Black Stars by Ngo Tu Lap, translated from the Vietnamese by Martha Collins and Ngo Tu Lap (Milkweed Editions, 2013).
Ngo Tu Lap, who has published over twenty books, among them book-length translations from the Russian and the French, was born in Hanoi in 1962 on the verge of what we know as the Vietnam War. His family was soon evacuated to Vinh Phu, where he grew up, about sixty miles away from Hanoi. Later, he went on to study abroad in Russia, Paris, and the United States. Black Stars is the Vietnamese writer’s first book-length work to be published in English, and the Vietnamese is reproduced on the left. This enables the reader to seek out the original and begin to understand, at least visually, the kinds of translation choices made by fellow poet and translator Martha Collins, with Lap’s assistance. Together, they selected poems from Lap’s second and third books, as well as newer poems. “[The poems in Black Stars] follow not only the chronology of the books,” Collins writes in the introduction, “but also the poet as he progresses from being a young man reflecting on his village childhood, to a more mature traveler absorbing and reflecting on contemporary life, to a seasoned ‘Man with Big Eyes’ who has seen a great deal, and who can help us see…” Here, we experience the estrangement and exile the war produced in Lap, the tension between grief and homecoming (the impossibility of his homecoming); this is what lends the collection so much of its power.
…I still choose you, darkness, as my companion
With you, the snails of childhood crawl out again...
Darkness is mine, darkness is everyone’s
In darkness there are no borders
In darkness I throw open the door
And head toward the end of the delta
The end of silence, where sorrow reigns...
Simultaneously, darkness and specifically the color black, are, like the speaker, empathic to suffering:
Like eyes in a decomposing skull
Black wells
Look into the earth
Black wells filled with silence
Beneath the acacia tree
Cai flowers withered long ago
Onion stalks have yellowed
Cannas have gone wild
Rainwater keeps falling
Into the empty well
Black wells filled with silence—
Who knows where
The old faces are buried?
(“Empty Well”)
Throughout Black Stars, Lap and Collins have chosen words that are beguilingly clear. This is a language that in its clarity seems at odds with the mysteries and the past violence which it strives to contain or at least surround; or perhaps simplicity is one of the only ways for one to begin to broach the inexplicable. In “Empty Well,” as in so many of the poems, a few words—in this case the names of plants—invest the poem with an element of foreignness, a gesture that strives to preserve the otherness of Lap’s origins. The other element that instills a foreign or strange (as in estranging) feel is the element of the surreal, as in “The Man with Big Eyes,” one of the newer poems from section three:
When his eyes are closed, his dreams begin
When they’re open
They themselves are the biggest dream
A sad dream
The color of stormy skies...
Lap reflects upon his estrangement from home with a perspective increasingly distanced by time. The wounded country of his childhood now exists only in memory. Take, for example, “The Midlands” from section one:
I lie on your back, you lie in my memory
Rains have carried my childhood away
But I’m still waiting:
Afternoon after afternoon
My mother returns, passing over the hill like a great cloud
I lie on your back, oh vast generosity
Your quiet selfless patience pierces my heart
The sound of bombs is gone now
But down in the valley your tears still glisten...

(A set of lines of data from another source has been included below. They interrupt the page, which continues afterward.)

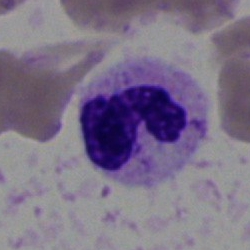

Bone marrow aspirate smear, single cell — neutrophil (segmented).
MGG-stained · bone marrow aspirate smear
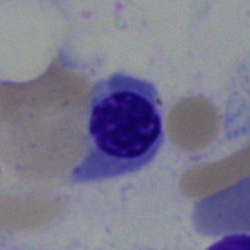

Classification: normoblast.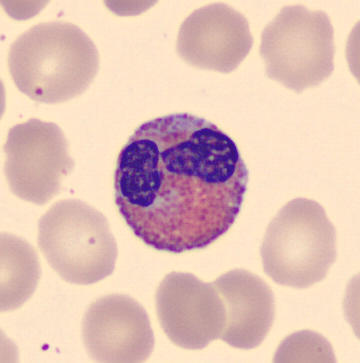

360×363; peripheral blood film; MGG-stained.

Q: Which cell type is shown here?
A: Eosinophilic granulocyte.
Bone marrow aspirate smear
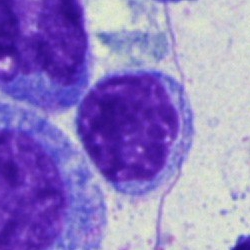
Q: What type of cell is this?
A: It is a typical lymphocyte.
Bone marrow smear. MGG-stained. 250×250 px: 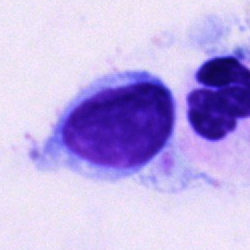Showing a typical lymphocyte.
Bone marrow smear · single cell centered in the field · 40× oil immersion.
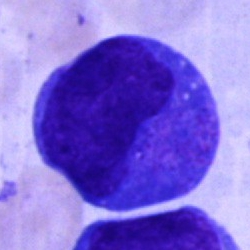
Classification: undifferentiated blast.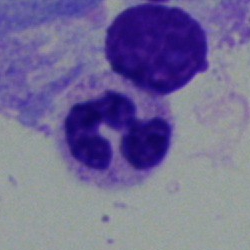

The classification is polymorphonuclear neutrophil.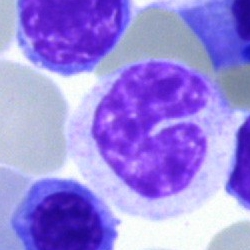Cell type: neutrophil (band).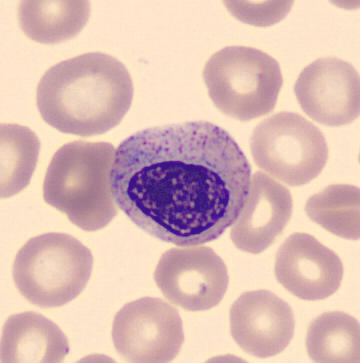{"cell_type": "metamyelocyte"}
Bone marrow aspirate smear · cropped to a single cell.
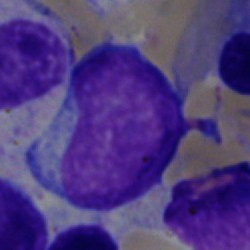 Specimen: bone marrow smear.
Cell type: undifferentiated blast.
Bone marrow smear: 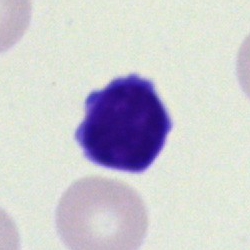
Single cell identified as a lymphocyte.
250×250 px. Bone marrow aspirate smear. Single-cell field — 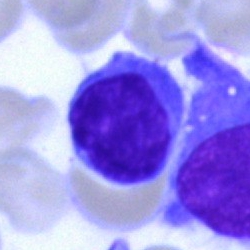

The morphological class is typical lymphocyte.
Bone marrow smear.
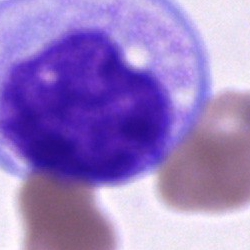 Morphological class — cell of indeterminate lineage.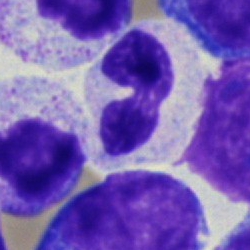
Specimen: bone marrow smear.
Cell type: polymorphonuclear neutrophil.
Lineage: myeloid.
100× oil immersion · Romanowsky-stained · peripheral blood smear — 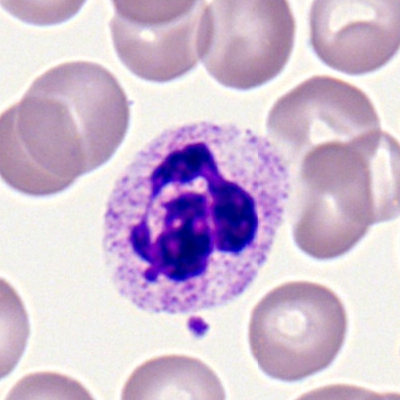

Single cell identified as a polymorphonuclear neutrophil.
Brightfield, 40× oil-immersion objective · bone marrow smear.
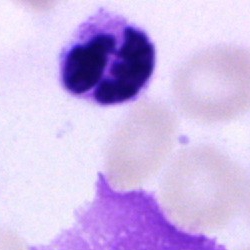 Single cell identified as a polymorphonuclear neutrophil.
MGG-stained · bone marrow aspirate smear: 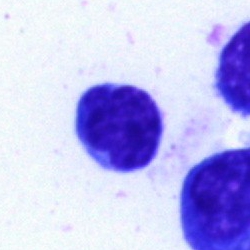Specimen: bone marrow smear.
Classification: typical lymphocyte.
Lineage: lymphoid.
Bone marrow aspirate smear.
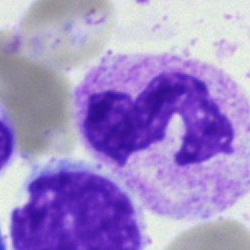The morphological class is neutrophil (segmented).
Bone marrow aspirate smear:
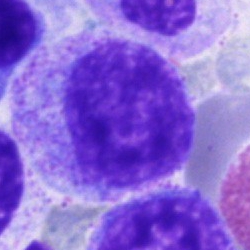The cell is progranulocyte.
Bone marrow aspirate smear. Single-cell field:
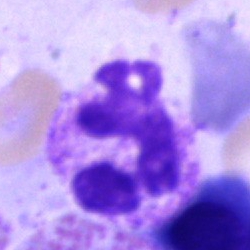Cell type — polymorphonuclear neutrophil.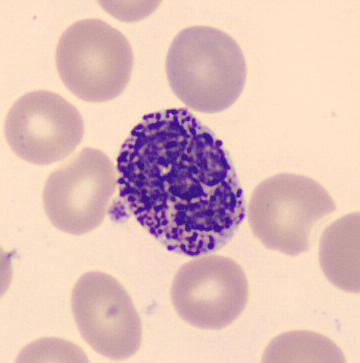
This is a basophil.
Acquisition: Peripheral blood smear.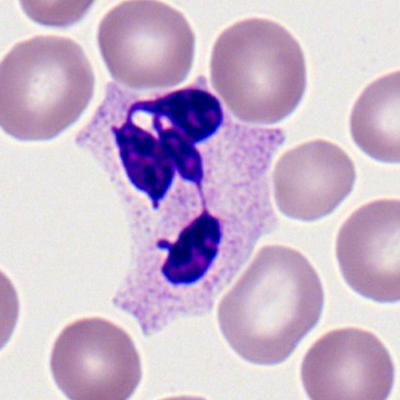The cell shown is a neutrophil (segmented).
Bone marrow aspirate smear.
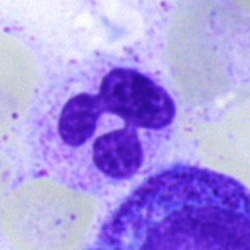 Classification: polymorphonuclear neutrophil.
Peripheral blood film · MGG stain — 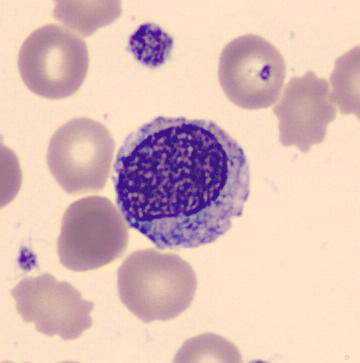Myelocyte.
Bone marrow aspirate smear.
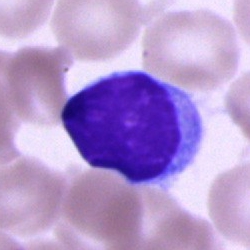
Lymphocyte.
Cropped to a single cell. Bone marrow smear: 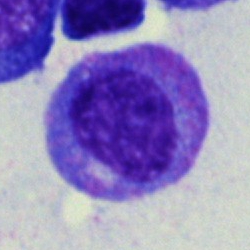

Single cell identified as a promyelocyte.
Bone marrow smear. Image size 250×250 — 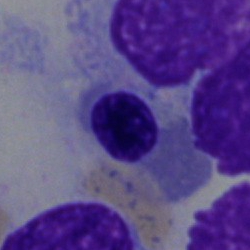Cell type: nucleated red cell.
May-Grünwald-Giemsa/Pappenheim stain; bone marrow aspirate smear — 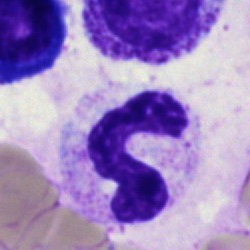

Cell type = neutrophil (segmented).
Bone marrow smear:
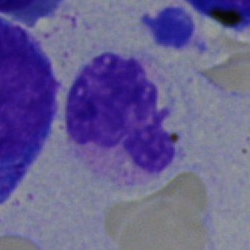
Morphology consistent with a segmented neutrophil.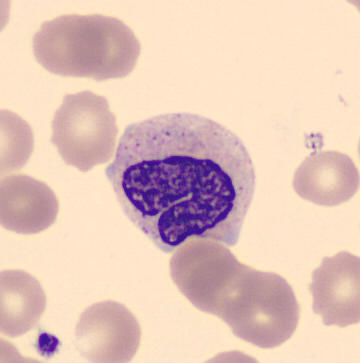 Impression — stab cell.
Peripheral blood film.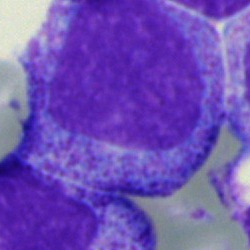
Promyelocyte.
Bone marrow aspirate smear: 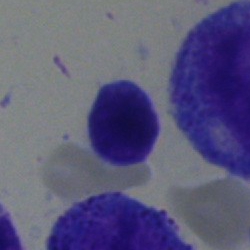
The classification is lymphocyte.
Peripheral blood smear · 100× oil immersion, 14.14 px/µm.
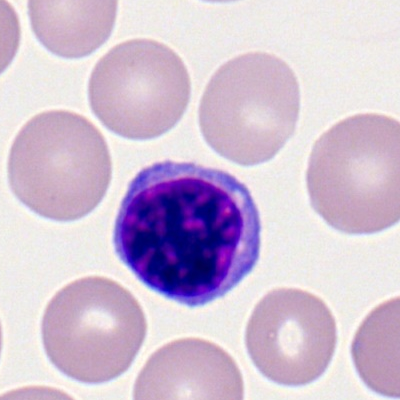

Morphological class: lymphocyte.
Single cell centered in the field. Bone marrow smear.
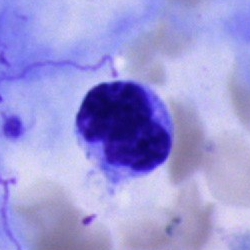
Cell = cell of indeterminate lineage.
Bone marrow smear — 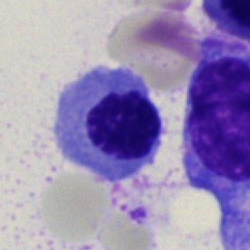

Cell type — nucleated red cell.
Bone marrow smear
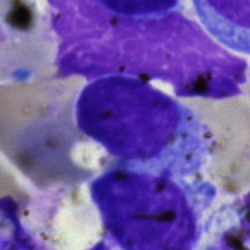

Red midlands, I see you in black night
And I understand betrayal
I’ve been searching for you through countless stars
Now my door will never be closed again
Here, as elsewhere in the collection, the landscape is a body, a female body that has been violated, and although “she” has recovered, she (and the speaker) remembers.
While Black Stars will be read as a portrait of the violations the Vietnamese experienced during the war and continue to endure nearly half a century later, it is simultaneously a collection that speaks of the inevitable losses that come with being born into time and onto an earth that is continually wounded with violence:
Many months have passed, drenched in sweat
But I have returned
To boldly place on the table
Two hands, two five-pointed stars
Stories of war and shipwreck don’t entice me
When I close my eyes, two stars fly into the darkness
To fly is to see how lofty the sky is, how wide the sea...
On guns and plows, millions of diligent stars
Are flying in silence
Black stars, black stars
One life might have drifted away
But one has returned...
(from “Black Stars”)
The strength of this translation and of its arrangement is the way the collection speaks both to one man’s experience—a Vietnamese man born on the eve of an atrocious war that continues to haunt his country—and to the experience of being human and therefore continually subject to loss, a cycle that begins with birth and the fall into time. A line as deceptively simple as “Stories of war and shipwreck don’t entice me” enlarges the collection as a whole precisely because it opens up Black Stars to the realm of myth and to the tradition of story, initially an oral tradition meant to be recited, again and again, in order to not only remember the necessary stories but to keep them and therefore the soul of the individual and the culture alive and breathing.